El machismo en las empresas desarrolladoras puede permanecer más o menos oculto. Pero en las cada vez más populares emisiones de contenido en directo por parte de los llamados streamers la discriminación y el acoso se hacen públicos y evidentes. Frente a la cámara, hombres y mujeres se exponen a una comunidad anónima que nos los trata por igual. Ellas son juzgadas por su apariencia física y habitualmente soportan comentarios machistas y vejatorios. El pasado sábado, la streamer @mery_soldier se quejaba así en Twitter: “Desde hace unos meses no cesa determinado acoso, haga lo que haga, no me meto con nadie, no entro al trapo en tema delicados… es agotador. No entiendo de donde nace ese odio”. Hace unos meses, la también retransmisora Murmaider se quejaba en términos parecidos: “He vuelto a jugar en #Valorant y me he encontrado a la misma panda de retrógrados de siempre… estoy CANSADA de encontrar gente con esa mentalidad”.
La herramienta que aporta para frenarlo la plataforma Twitch, líder en el sector del streaming, es el bloqueo de los usuarios y borrado instantáneo de los mensajes. Pero con otro correo y unos pocos datos los acosadores pueden hacerse rápidamente con una nueva identidad. “El machismo es cultura, no conducta. El odio en el discurso en las redes o chats como el de Twitch alimenta un odio misógino histórico. Te reconocen como más hombre por comportarte así. Al final siempre acosan, maltratan y asesinan a las mujeres”, expone Lorente.
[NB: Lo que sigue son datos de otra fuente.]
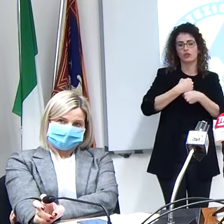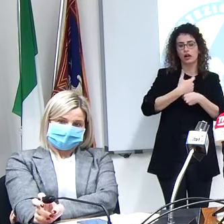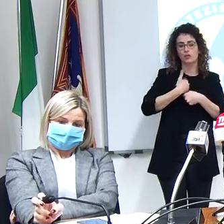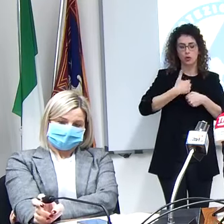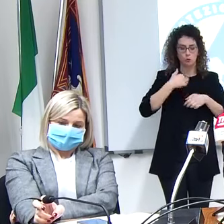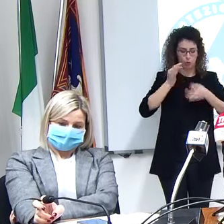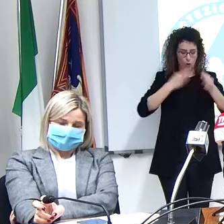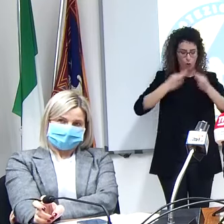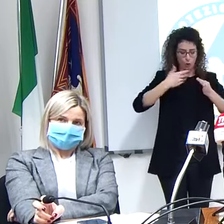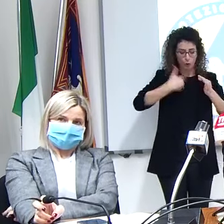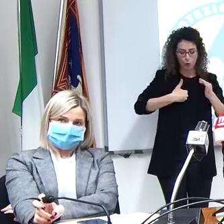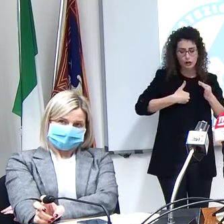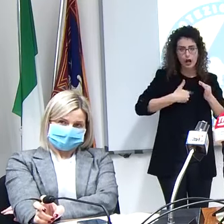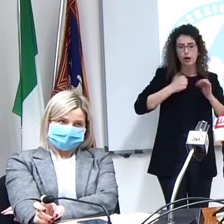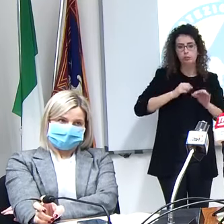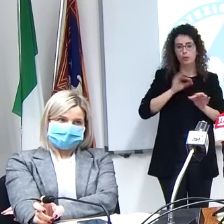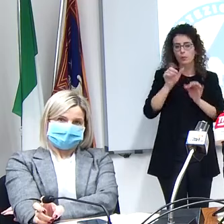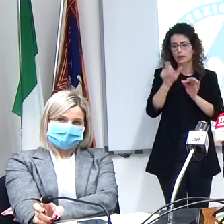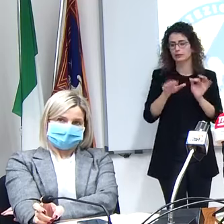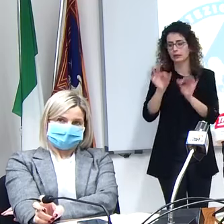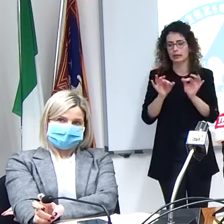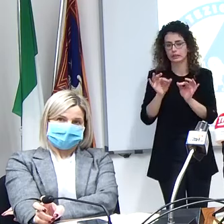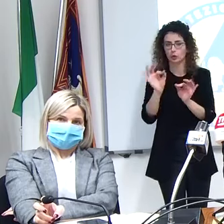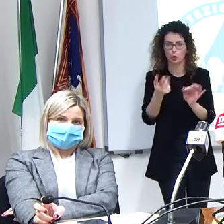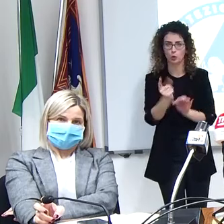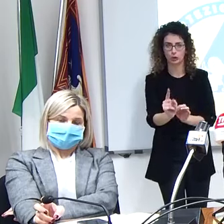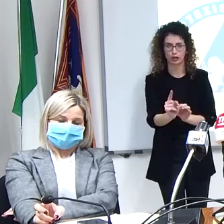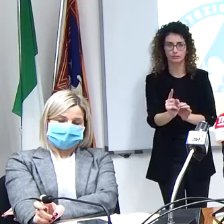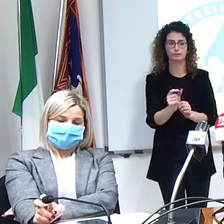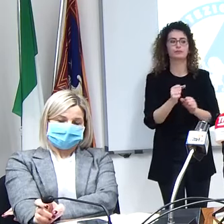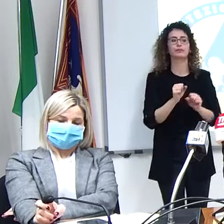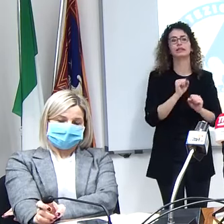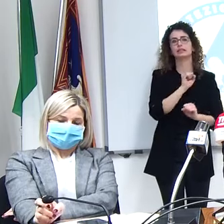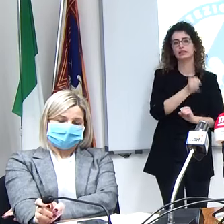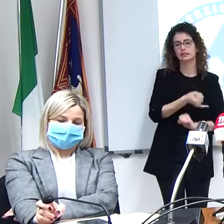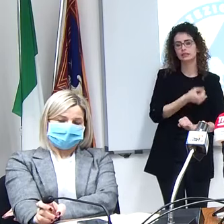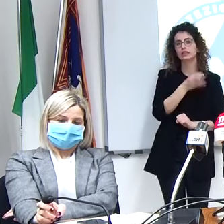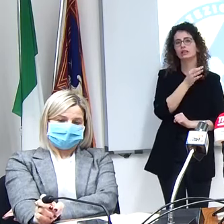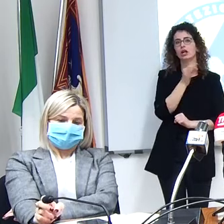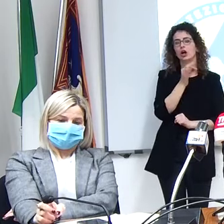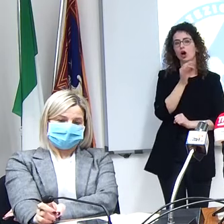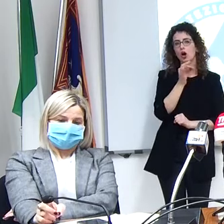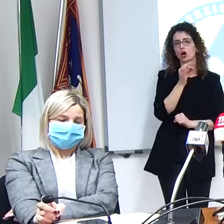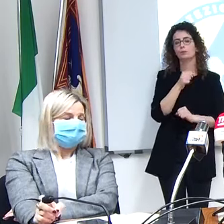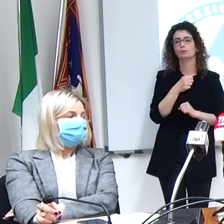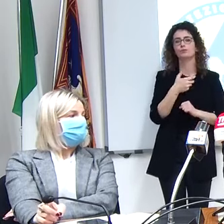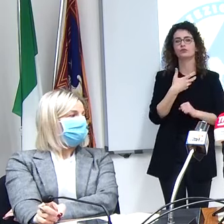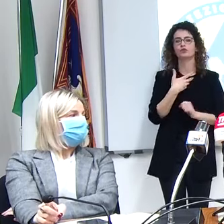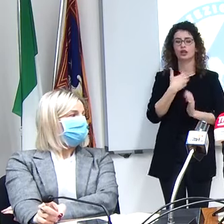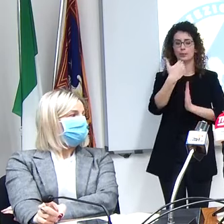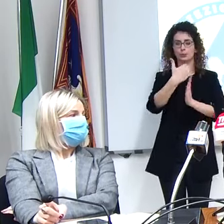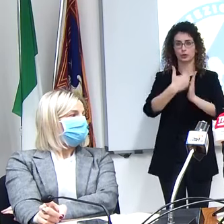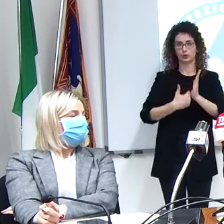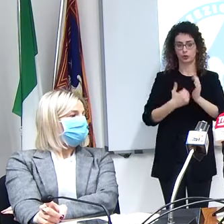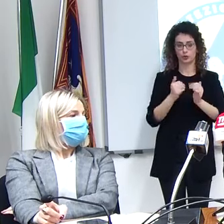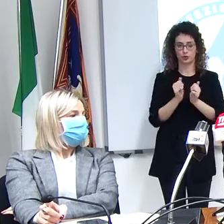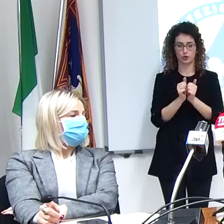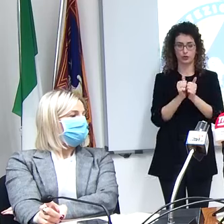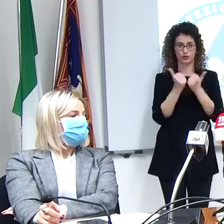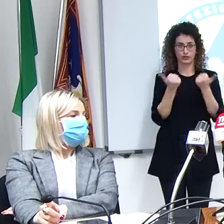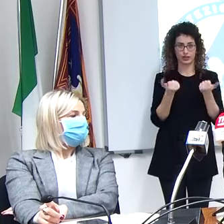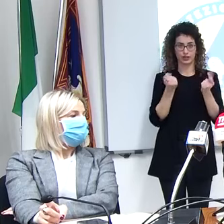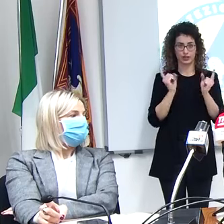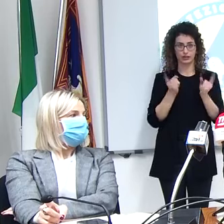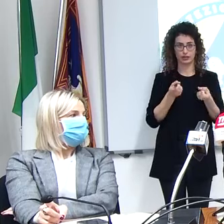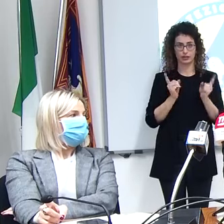far bene potrebbe danneggiare un altro paziente sì o diciamo che i protocolli differiscono soprattutto

Otro sector surgido de los videojuegos, el de los deportes electrónicos, tampoco se libra de la discriminación. En primer lugar, la salarial. Según el estudio publicado en 2020 por eSportsWatch, solo hay una mujer entre los 500 jugadores mejor pagados del mundo. Como explicaba hace un par de años Aidy García, jugadora profesional de CS:GO, en un campeonato que disputó en París había 4.000 euros de premio para ellas mientras que para sus compañeros la cifra ascendía a los 20.000.
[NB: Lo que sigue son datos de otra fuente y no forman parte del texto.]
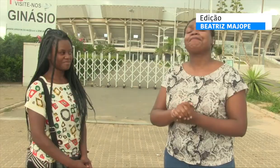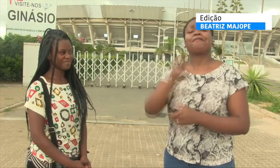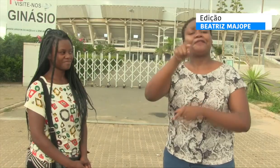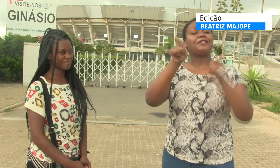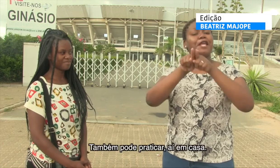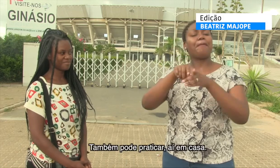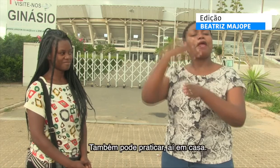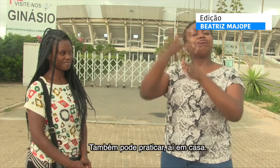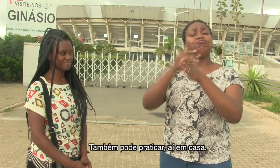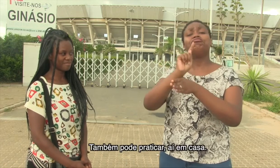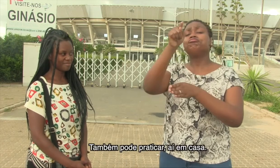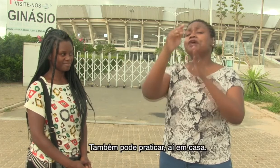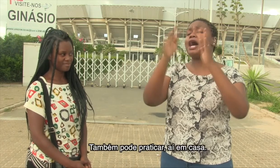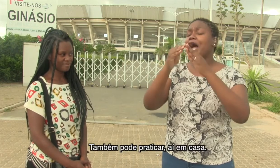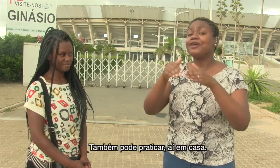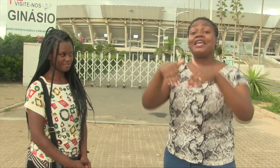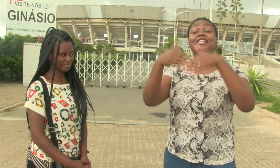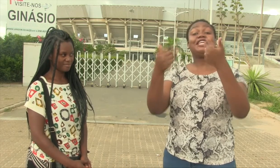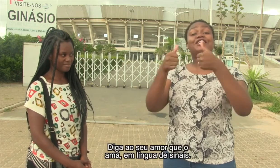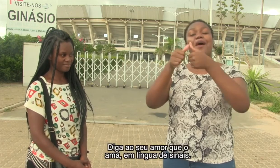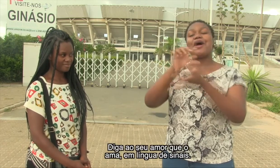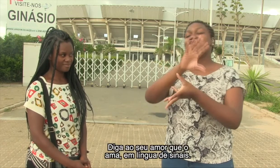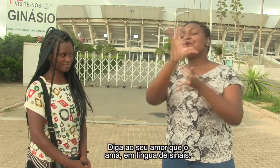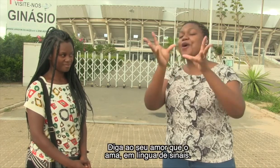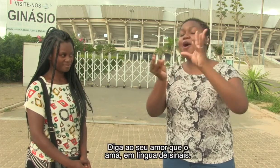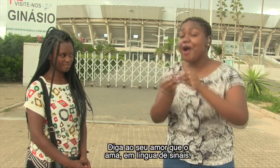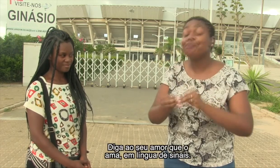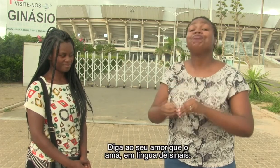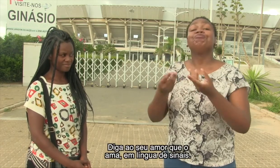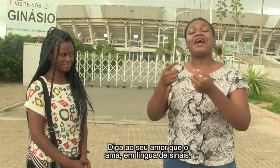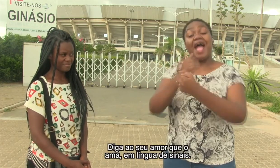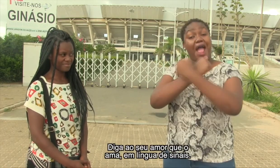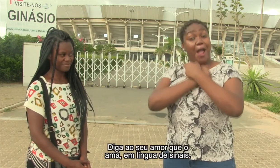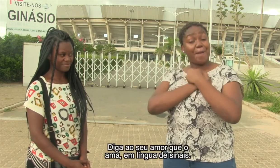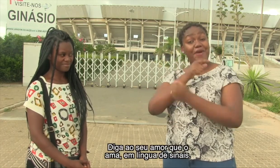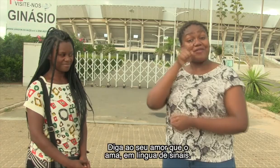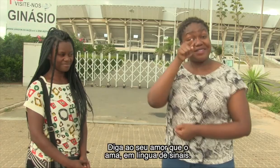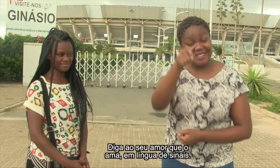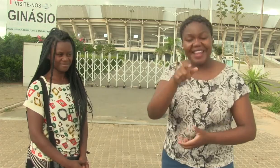Também pode praticar em casa. Diga o seu amor e o amo em língua de sinais.

“Los eSports están dominados por hombres. Hay un sexismo evidente. Los directores de equipos se reirían de la idea de contar con una mujer en sus filas. Preferirían contratar a un chico con peores habilidades antes que a una chica con más nivel”, explica a EL PAÍS por correo electrónico Maria Creveling, más conocida como Remilia, la primera chica en llegar a la máxima competición de League of Legends en Estados Unidos. Pese a su talento, al poco de alcanzar la cima en 2017, tuvo que descenderla de golpe debido al ciberacoso de la comunidad.
Las réplicas del terremoto de Blizzard, que han dejado la dimisión de su presidente, J. Allen Brack, la de un directivo de recursos humanos y la de un buen reguero de anunciantes en sus competiciones, como Coca-Cola y Kellogg, tienen visos de sacudir la industria. De forjar una suerte de Me Too del gaming en el que las compañías mantienen su responsabilidad para combatir el machismo, según explica Vaquero. “Deben saber cómo se encuentran las mujeres en su empresa. Implantar planes de igualdad. Detectar por qué la presencia femenina es tan escasa y por qué las discriminan. Es algo que apenas ponen en práctica”, lamenta.
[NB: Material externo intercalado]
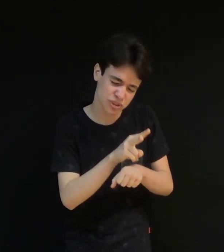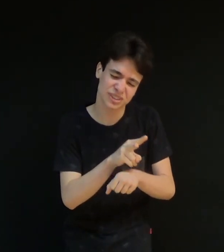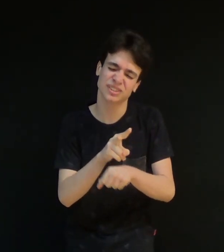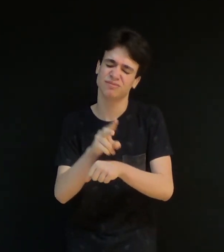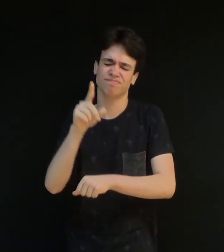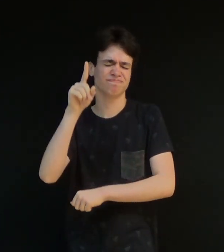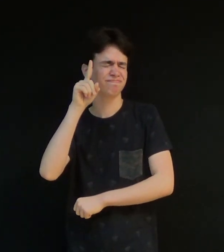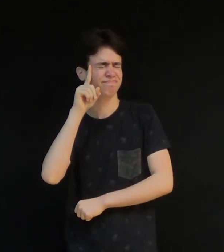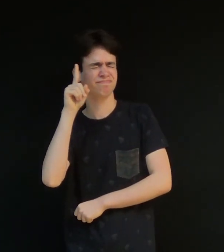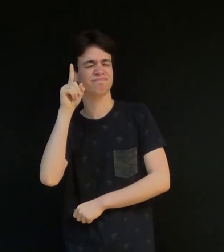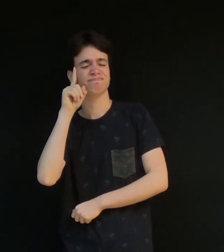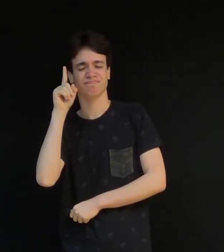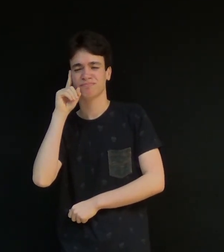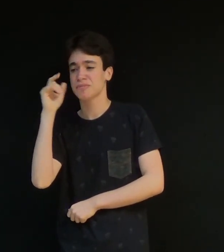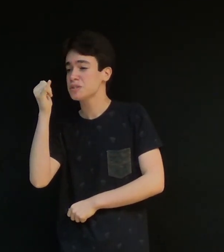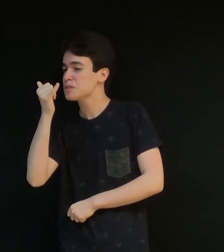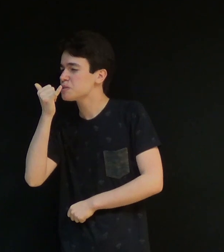perdão sobre nossas vidas. 2

Hace poco tiempo que el sector de los videojuegos comenzó su partida particular contra la discriminación de género. El escándalo de Blizzard muestra una realidad cruda, escondida debajo de la diversión que se le presupone a este negocio. A partir de ahora cuesta descifrar cuántas mujeres por fin alzarán la voz o cuántas organizaciones se verán reflejadas y pondrán la pantalla de game over al machismo. Aun así, algo también está cambiando en el gaming. “El feminismo avanza, pero falta mucha estrategia. No valen acciones sueltas incapaces de crear cultura. Faltan medidas más integradas, globales y de mayor intensidad”, concluye Lorente.